**The task:**
Pictures must be kept out of the copy. Every entry is to be duplicated exactly.

**Material supplied:**
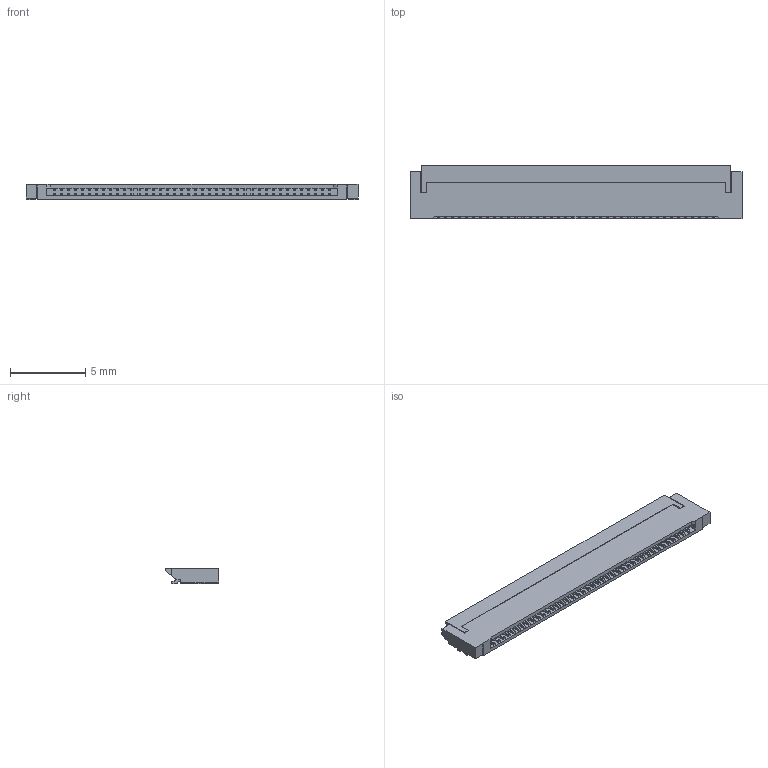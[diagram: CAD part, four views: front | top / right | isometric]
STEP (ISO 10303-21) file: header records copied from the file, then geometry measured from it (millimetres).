
FILE_DESCRIPTION(/* description */ (''),/* implementation_level */ '2;1');
FILE_NAME(/* name */ 'FPC40-1.step',/* time_stamp */ '2022-02-24T20:04:07+08:00',/* author */ (''),/* organization */ (''),/* preprocessor_version */ 'ST-DEVELOPER v18.1',/* originating_system */ 'Autodesk Translation Framework v10.13.0.1454',/* authorisation */ '');
FILE_SCHEMA (('AUTOMOTIVE_DESIGN { 1 0 10303 214 3 1 1 }'));
Length unit declared in the file: millimetre
Products named in the file (1): (未保存)
Bounding box: 22 x 3.54 x 1 mm (x, y, z)
Volume: 56 mm3; surface area: 285.4 mm2
Topology: 1 solids, 1 shells, 1035 faces, 2888 edges, 1896 vertices
Faces by surface type: plane 781, bspline 254
Entity records: 33520 total; most frequent: CARTESIAN_POINT 7418, ORIENTED_EDGE 5776, DIRECTION 4960, EDGE_CURVE 2888, LINE 2380, VECTOR 2380, VERTEX_POINT 1896, AXIS2_PLACEMENT_3D 1290
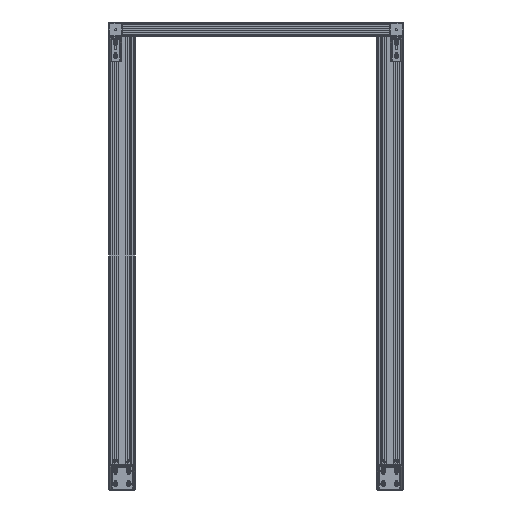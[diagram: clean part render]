
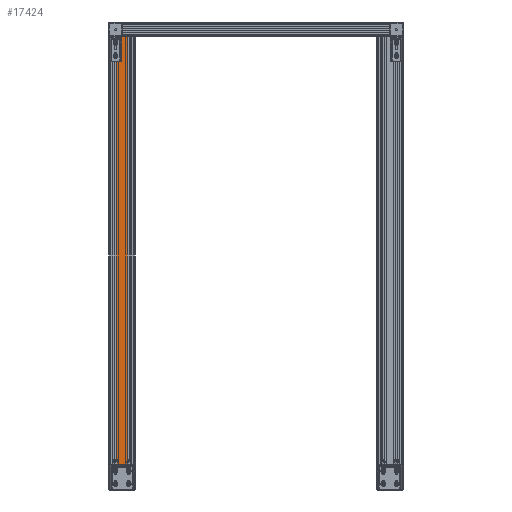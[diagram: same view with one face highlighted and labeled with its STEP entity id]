
A CAD part, front view. The second image highlights one B-rep face of the part: STEP entity #17424.
In plain terms, the highlighted face is planar.
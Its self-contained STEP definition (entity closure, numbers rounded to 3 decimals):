
#1786=FACE_OUTER_BOUND('',#2684,.T.);
#2684=EDGE_LOOP('',(#11910,#11911,#11912,#11913));
#3740=LINE('',#26232,#5414);
#3839=LINE('',#26507,#5513);
#3840=LINE('',#26510,#5514);
#3841=LINE('',#26511,#5515);
#5414=VECTOR('',#21006,10.);
#5513=VECTOR('',#21255,10.);
#5514=VECTOR('',#21258,10.);
#5515=VECTOR('',#21259,10.);
#7119=VERTEX_POINT('',#26229);
#7120=VERTEX_POINT('',#26231);
#7221=VERTEX_POINT('',#26505);
#7222=VERTEX_POINT('',#26509);
#8920=EDGE_CURVE('',#7120,#7119,#3740,.T.);
#9058=EDGE_CURVE('',#7119,#7221,#3839,.T.);
#9059=EDGE_CURVE('',#7221,#7222,#3840,.T.);
#9060=EDGE_CURVE('',#7120,#7222,#3841,.T.);
#11910=ORIENTED_EDGE('',*,*,#9059,.T.);
#11911=ORIENTED_EDGE('',*,*,#9060,.F.);
#11912=ORIENTED_EDGE('',*,*,#8920,.T.);
#11913=ORIENTED_EDGE('',*,*,#9058,.T.);
#16217=PLANE('',#18787);
#17424=ADVANCED_FACE('',(#1786),#16217,.T.);
#18787=AXIS2_PLACEMENT_3D('',#26508,#21256,#21257);
#21006=DIRECTION('',(0.,-1.,0.));
#21255=DIRECTION('',(0.,0.,1.));
#21256=DIRECTION('center_axis',(-1.,0.,0.));
#21257=DIRECTION('ref_axis',(0.,0.,1.));
#21258=DIRECTION('',(0.,1.,0.));
#21259=DIRECTION('',(0.,0.,1.));
#26229=CARTESIAN_POINT('',(-22.5,-18.1,-792.5));
#26231=CARTESIAN_POINT('',(-22.5,18.1,-792.5));
#26232=CARTESIAN_POINT('',(-22.5,18.1,-792.5));
#26505=CARTESIAN_POINT('',(-22.5,-18.1,792.5));
#26507=CARTESIAN_POINT('',(-22.5,-18.1,0.));
#26508=CARTESIAN_POINT('Origin',(-22.5,-18.1,0.));
#26509=CARTESIAN_POINT('',(-22.5,18.1,792.5));
#26510=CARTESIAN_POINT('',(-22.5,18.1,792.5));
#26511=CARTESIAN_POINT('',(-22.5,18.1,0.));
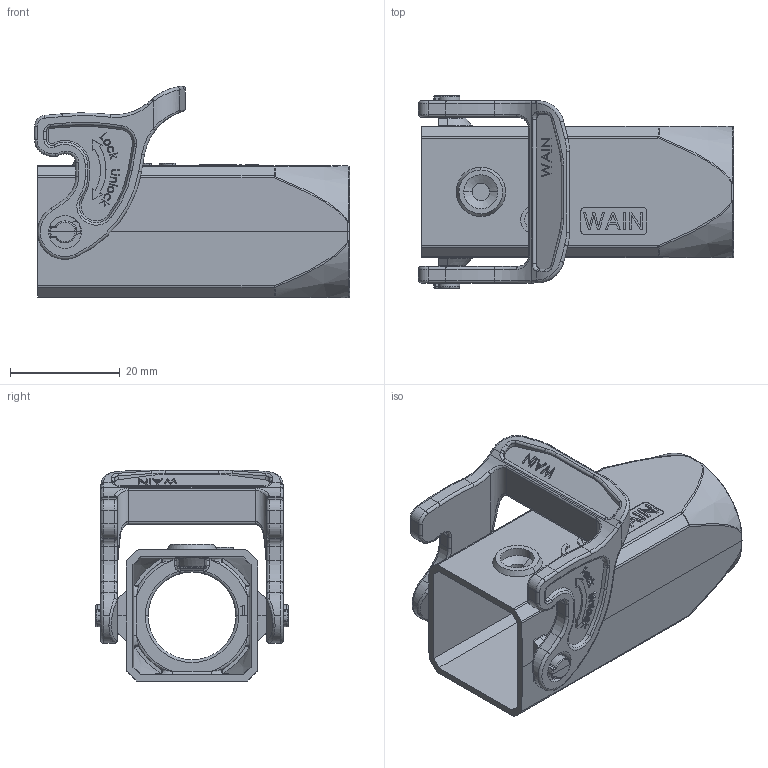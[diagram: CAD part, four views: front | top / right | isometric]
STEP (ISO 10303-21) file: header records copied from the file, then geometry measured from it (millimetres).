
FILE_DESCRIPTION((''),'2;1');
FILE_NAME('3D_1180037271008_H3A_P-CCT-1L-P','2024-01-12T',('yp.zhu'),(''),'PRO/ENGINEER BY PARAMETRIC TECHNOLOGY CORPORATION, 2012480','PRO/ENGINEER BY PARAMETRIC TECHNOLOGY CORPORATION, 2012480','');
FILE_SCHEMA(('CONFIG_CONTROL_DESIGN'));
Products named in the file (1): 3D_1180037271008_H3A_P-CCT-1L-P
Bounding box: 57.36 x 35 x 38.53 mm (x, y, z)
Volume: 12273 mm3; surface area: 13789.9 mm2
Topology: 1 solids, 1 shells, 993 faces, 2569 edges, 1609 vertices
Faces by surface type: plane 381, bspline 251, cylinder 182, torus 101, cone 44, extrusion 18, sphere 16
Entity records: 44916 total; most frequent: CARTESIAN_POINT 22656, ORIENTED_EDGE 5106, DIRECTION 3803, EDGE_CURVE 2553, VERTEX_POINT 1609, AXIS2_PLACEMENT_3D 1269, VECTOR 1265, LINE 1247
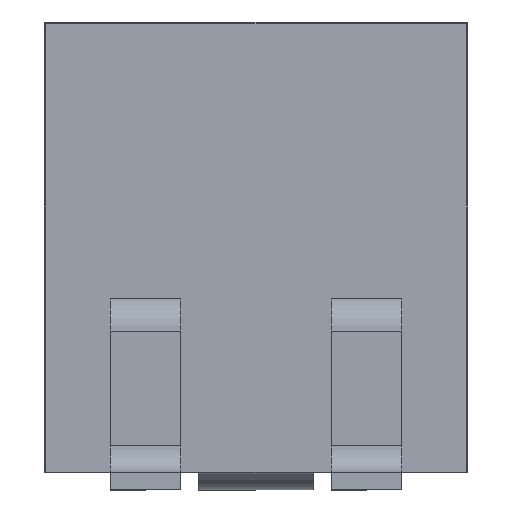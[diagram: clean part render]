
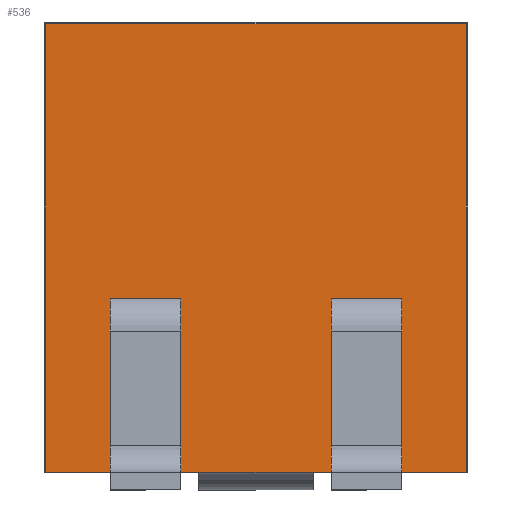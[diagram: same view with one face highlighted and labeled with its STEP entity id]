
A CAD part, front view. The second image highlights one B-rep face of the part: STEP entity #536.
In plain terms, the highlighted planar face has unit normal (0, -1, 0).
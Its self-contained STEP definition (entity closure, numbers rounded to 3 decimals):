
#194=CARTESIAN_POINT('',(-2.38,-1.75,5.28));
#195=VERTEX_POINT('',#194);
#260=CARTESIAN_POINT('',(2.38,-1.75,5.28));
#261=VERTEX_POINT('',#260);
#392=CARTESIAN_POINT('',(2.38,-1.75,0.2));
#393=VERTEX_POINT('',#392);
#410=CARTESIAN_POINT('',(2.38,-1.75,5.28));
#411=DIRECTION('',(0.0,0.0,-1.0));
#412=VECTOR('',#411,5.08);
#413=LINE('',#410,#412);
#414=EDGE_CURVE('',#261,#393,#413,.T.);
#425=CARTESIAN_POINT('',(-2.38,-1.75,5.28));
#426=DIRECTION('',(1.0,0.0,0.0));
#427=VECTOR('',#426,4.76);
#428=LINE('',#425,#427);
#429=EDGE_CURVE('',#195,#261,#428,.T.);
#495=CARTESIAN_POINT('',(-2.38,-1.75,0.2));
#496=VERTEX_POINT('',#495);
#504=CARTESIAN_POINT('',(-2.38,-1.75,0.2));
#505=DIRECTION('',(0.0,0.0,1.0));
#506=VECTOR('',#505,5.08);
#507=LINE('',#504,#506);
#508=EDGE_CURVE('',#496,#195,#507,.T.);
#520=CARTESIAN_POINT('',(2.4,-1.75,0.2));
#521=DIRECTION('',(0.0,-1.0,0.0));
#522=DIRECTION('',(0.0,0.0,1.0));
#523=AXIS2_PLACEMENT_3D('',#520,#521,#522);
#524=PLANE('',#523);
#525=ORIENTED_EDGE('',*,*,#414,.F.);
#526=ORIENTED_EDGE('',*,*,#429,.F.);
#527=ORIENTED_EDGE('',*,*,#508,.F.);
#528=CARTESIAN_POINT('',(-2.38,-1.75,0.2));
#529=DIRECTION('',(1.0,0.0,0.0));
#530=VECTOR('',#529,4.76);
#531=LINE('',#528,#530);
#532=EDGE_CURVE('',#496,#393,#531,.T.);
#533=ORIENTED_EDGE('',*,*,#532,.T.);
#534=EDGE_LOOP('',(#525,#526,#527,#533));
#535=FACE_OUTER_BOUND('',#534,.T.);
#536=ADVANCED_FACE('',(#535),#524,.T.);

**Finished task:**
[diagram: CAD part, four views: front | top / right | isometric]
STEP (ISO 10303-21) file: header records copied from the file, then geometry measured from it (millimetres).
FILE_DESCRIPTION(/* description */ (''),/* implementation_level */ '2;1');
FILE_NAME(/* name */ 'FPC40-1.step',/* time_stamp */ '2022-02-24T20:04:07+08:00',/* author */ (''),/* organization */ (''),/* preprocessor_version */ 'ST-DEVELOPER v18.1',/* originating_system */ 'Autodesk Translation Framework v10.13.0.1454',/* authorisation */ '');
FILE_SCHEMA (('AUTOMOTIVE_DESIGN { 1 0 10303 214 3 1 1 }'));
Length unit declared in the file: millimetre
Products named in the file (1): (未保存)
Bounding box: 22 x 3.54 x 1 mm (x, y, z)
Volume: 56 mm3; surface area: 285.4 mm2
Topology: 1 solids, 1 shells, 1035 faces, 2888 edges, 1896 vertices
Faces by surface type: plane 781, bspline 254
Entity records: 33520 total; most frequent: CARTESIAN_POINT 7418, ORIENTED_EDGE 5776, DIRECTION 4960, EDGE_CURVE 2888, LINE 2380, VECTOR 2380, VERTEX_POINT 1896, AXIS2_PLACEMENT_3D 1290
[diagram: clean part render]
[diagram: same view with one face highlighted and labeled with its STEP entity id]
A CAD part, front view. The second image highlights one B-rep face of the part: STEP entity #17424.
In plain terms, the highlighted face is planar.
Its self-contained STEP definition (entity closure, numbers rounded to 3 decimals):
#1786=FACE_OUTER_BOUND('',#2684,.T.);
#2684=EDGE_LOOP('',(#11910,#11911,#11912,#11913));
#3740=LINE('',#26232,#5414);
#3839=LINE('',#26507,#5513);
#3840=LINE('',#26510,#5514);
#3841=LINE('',#26511,#5515);
#5414=VECTOR('',#21006,10.);
#5513=VECTOR('',#21255,10.);
#5514=VECTOR('',#21258,10.);
#5515=VECTOR('',#21259,10.);
#7119=VERTEX_POINT('',#26229);
#7120=VERTEX_POINT('',#26231);
#7221=VERTEX_POINT('',#26505);
#7222=VERTEX_POINT('',#26509);
#8920=EDGE_CURVE('',#7120,#7119,#3740,.T.);
#9058=EDGE_CURVE('',#7119,#7221,#3839,.T.);
#9059=EDGE_CURVE('',#7221,#7222,#3840,.T.);
#9060=EDGE_CURVE('',#7120,#7222,#3841,.T.);
#11910=ORIENTED_EDGE('',*,*,#9059,.T.);
#11911=ORIENTED_EDGE('',*,*,#9060,.F.);
#11912=ORIENTED_EDGE('',*,*,#8920,.T.);
#11913=ORIENTED_EDGE('',*,*,#9058,.T.);
#16217=PLANE('',#18787);
#17424=ADVANCED_FACE('',(#1786),#16217,.T.);
#18787=AXIS2_PLACEMENT_3D('',#26508,#21256,#21257);
#21006=DIRECTION('',(0.,-1.,0.));
#21255=DIRECTION('',(0.,0.,1.));
#21256=DIRECTION('center_axis',(-1.,0.,0.));
#21257=DIRECTION('ref_axis',(0.,0.,1.));
#21258=DIRECTION('',(0.,1.,0.));
#21259=DIRECTION('',(0.,0.,1.));
#26229=CARTESIAN_POINT('',(-22.5,-18.1,-792.5));
#26231=CARTESIAN_POINT('',(-22.5,18.1,-792.5));
#26232=CARTESIAN_POINT('',(-22.5,18.1,-792.5));
#26505=CARTESIAN_POINT('',(-22.5,-18.1,792.5));
#26507=CARTESIAN_POINT('',(-22.5,-18.1,0.));
#26508=CARTESIAN_POINT('Origin',(-22.5,-18.1,0.));
#26509=CARTESIAN_POINT('',(-22.5,18.1,792.5));
#26510=CARTESIAN_POINT('',(-22.5,18.1,792.5));
#26511=CARTESIAN_POINT('',(-22.5,18.1,0.));
[diagram: CAD part, four views: front | top / right | isometric]
STEP (ISO 10303-21) file: header records copied from the file, then geometry measured from it (millimetres).
FILE_DESCRIPTION((''),'2;1');
FILE_NAME('3D_1180037271008_H3A_P-CCT-1L-P','2024-01-12T',('yp.zhu'),(''),'PRO/ENGINEER BY PARAMETRIC TECHNOLOGY CORPORATION, 2012480','PRO/ENGINEER BY PARAMETRIC TECHNOLOGY CORPORATION, 2012480','');
FILE_SCHEMA(('CONFIG_CONTROL_DESIGN'));
Products named in the file (1): 3D_1180037271008_H3A_P-CCT-1L-P
Bounding box: 57.36 x 35 x 38.53 mm (x, y, z)
Volume: 12273 mm3; surface area: 13789.9 mm2
Topology: 1 solids, 1 shells, 993 faces, 2569 edges, 1609 vertices
Faces by surface type: plane 381, bspline 251, cylinder 182, torus 101, cone 44, extrusion 18, sphere 16
Entity records: 44916 total; most frequent: CARTESIAN_POINT 22656, ORIENTED_EDGE 5106, DIRECTION 3803, EDGE_CURVE 2553, VERTEX_POINT 1609, AXIS2_PLACEMENT_3D 1269, VECTOR 1265, LINE 1247
[diagram: clean part render]
[diagram: same view with one face highlighted and labeled with its STEP entity id]
A CAD part, front view. The second image highlights one B-rep face of the part: STEP entity #536.
In plain terms, the highlighted planar face has unit normal (0, -1, 0).
Its self-contained STEP definition (entity closure, numbers rounded to 3 decimals):
#194=CARTESIAN_POINT('',(-2.38,-1.75,5.28));
#195=VERTEX_POINT('',#194);
#260=CARTESIAN_POINT('',(2.38,-1.75,5.28));
#261=VERTEX_POINT('',#260);
#392=CARTESIAN_POINT('',(2.38,-1.75,0.2));
#393=VERTEX_POINT('',#392);
#410=CARTESIAN_POINT('',(2.38,-1.75,5.28));
#411=DIRECTION('',(0.0,0.0,-1.0));
#412=VECTOR('',#411,5.08);
#413=LINE('',#410,#412);
#414=EDGE_CURVE('',#261,#393,#413,.T.);
#425=CARTESIAN_POINT('',(-2.38,-1.75,5.28));
#426=DIRECTION('',(1.0,0.0,0.0));
#427=VECTOR('',#426,4.76);
#428=LINE('',#425,#427);
#429=EDGE_CURVE('',#195,#261,#428,.T.);
#495=CARTESIAN_POINT('',(-2.38,-1.75,0.2));
#496=VERTEX_POINT('',#495);
#504=CARTESIAN_POINT('',(-2.38,-1.75,0.2));
#505=DIRECTION('',(0.0,0.0,1.0));
#506=VECTOR('',#505,5.08);
#507=LINE('',#504,#506);
#508=EDGE_CURVE('',#496,#195,#507,.T.);
#520=CARTESIAN_POINT('',(2.4,-1.75,0.2));
#521=DIRECTION('',(0.0,-1.0,0.0));
#522=DIRECTION('',(0.0,0.0,1.0));
#523=AXIS2_PLACEMENT_3D('',#520,#521,#522);
#524=PLANE('',#523);
#525=ORIENTED_EDGE('',*,*,#414,.F.);
#526=ORIENTED_EDGE('',*,*,#429,.F.);
#527=ORIENTED_EDGE('',*,*,#508,.F.);
#528=CARTESIAN_POINT('',(-2.38,-1.75,0.2));
#529=DIRECTION('',(1.0,0.0,0.0));
#530=VECTOR('',#529,4.76);
#531=LINE('',#528,#530);
#532=EDGE_CURVE('',#496,#393,#531,.T.);
#533=ORIENTED_EDGE('',*,*,#532,.T.);
#534=EDGE_LOOP('',(#525,#526,#527,#533));
#535=FACE_OUTER_BOUND('',#534,.T.);
#536=ADVANCED_FACE('',(#535),#524,.T.);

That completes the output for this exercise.